Falic Fashion Group is a wholly-owned subsidiary of Duty Free Americas, Inc., the largest duty free retail store operator in North America. Duty Free Americas operates more than 100 duty free shops located in major international airports such as Miami, New York, Chicago, Boston and Washington, as well as international gateways.

The Falic Group has acquired several brands from LVMH Moët Hennessy Louis Vuitton, including the House of Christian Lacroix (which consists of Haute Couture, ready-to-wear, footwear, accessories, leather goods and fragrances), and the Urban Decay and Hard Candy cosmetics brands.

The Falic Group also serves as distributor and authorized retailer of numerous luxury brands, such as Estee Lauder, Lancome, L’Oreal, Cartier, Ferragamo, Hermes, Audemars Piguet, Jacob & Co., Victorinox, Lladro and Davidoff.

Safe Harbor Statement

We caution readers that the forward-looking statements (statements which are not historical facts) in this release are made pursuant to the safe harbor provisions of the Private Securities Litigation Reform Act of 1995. Forward-looking statements are based on current expectations rather than historical facts and they are indicated by words or phrases such as “anticipate,” “could,” “may,” “might,” “potential,” “predict,” “should,” “estimate,” “expect,” “project,” “believe,” “plan,” “envision,” “continue,” “intend,” “target,” “contemplate,” or “will” and similar words or phrases or comparable terminology. We have based such forward-looking statements on our current expectations, assumptions, estimates and projections. While we believe these expectations, assumptions, estimates and projections are reasonable, such forward-looking statements are only predictions and involve known and unknown risks and uncertainties, and other factors that may cause actual results, performance or achievements to be materially different from any future results, performance or achievements expressed or implied by such forward-looking statements, many of which are beyond our control.

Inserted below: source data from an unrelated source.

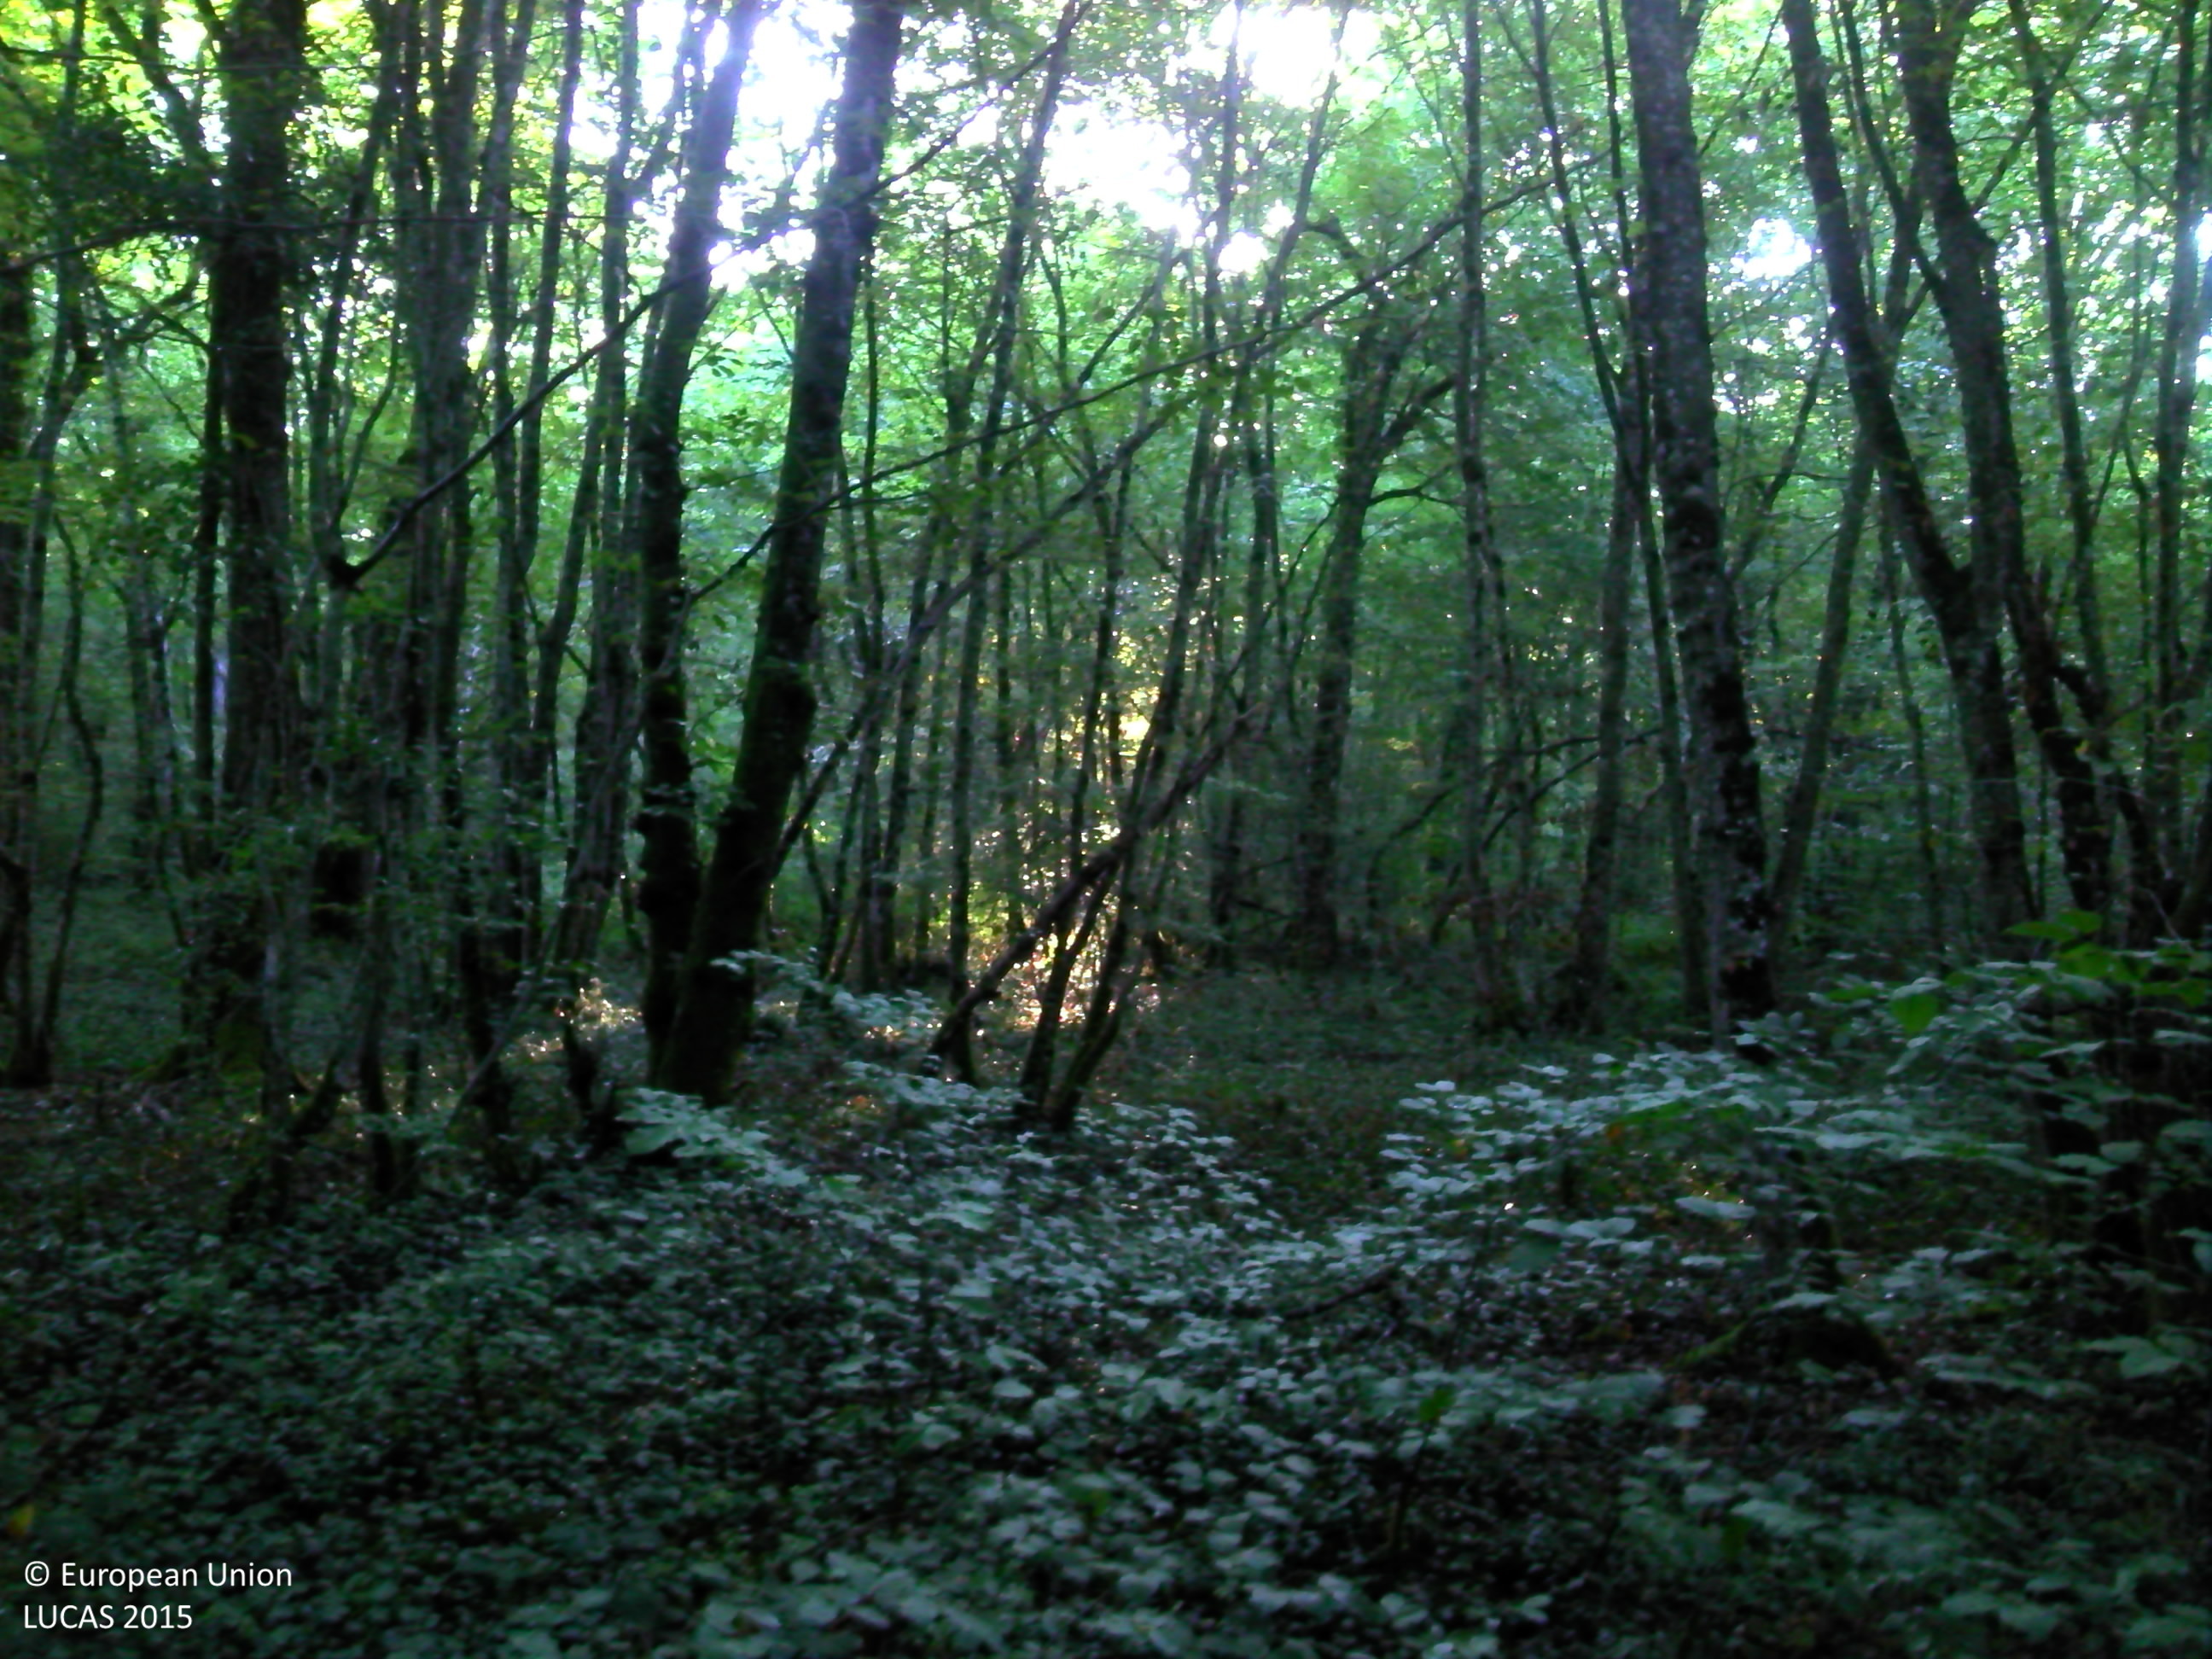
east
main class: Woodland
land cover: Broadleaved woodland
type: mesophytic deciduous forest
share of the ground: > 75 %
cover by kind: broadleaved forest trees 85 %, herbaceous plants 10 %, lichens and mosses 5 %
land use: Forestry
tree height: > 5 m
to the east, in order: Broadleaved woodland
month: September
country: FR
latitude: 48.1381
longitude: 4.8248

These factors include: general economic conditions, a significant decrease in business from or loss of any of our major customers or programs, anticipated and unanticipated trends and conditions in our industry, including the impact of recent or future retail and wholesale consolidation, the effectiveness of our planned advertising, marketing and promotional campaigns, our ability to contain costs, disruptions in the supply chain, our future capital needs and our ability to obtain financing, our ability to integrate acquired businesses, trademarks, tradenames and licenses, our ability to predict consumer preferences and changes in fashion trends


and consumer acceptance of both new designs and newly introduced products, the termination or non-renewal of any material license agreements to which we are a party, changes in the costs of raw materials, labor and advertising, our ability to carry out growth strategies including expansion in international and direct to consumer retail markets, the level of consumer spending for apparel and other merchandise, our ability to compete, exposure to foreign currency risk and interest rate risk, possible disruption in commercial activities due to terrorist activity and armed conflict, and other factors set forth in Perry Ellis International’s filings with the Securities and Exchange Commission. Investors are cautioned that all forward-looking statements involve risks and uncertainties, including those risks and uncertainties detailed in Perry Ellis’ filings with the SEC. You are cautioned not to place undue reliance on these forward-looking statements, which are valid only as of the date they were made. We undertake no obligation to update or revise any forward-looking statements to reflect new information or the occurrence of unanticipated events or otherwise.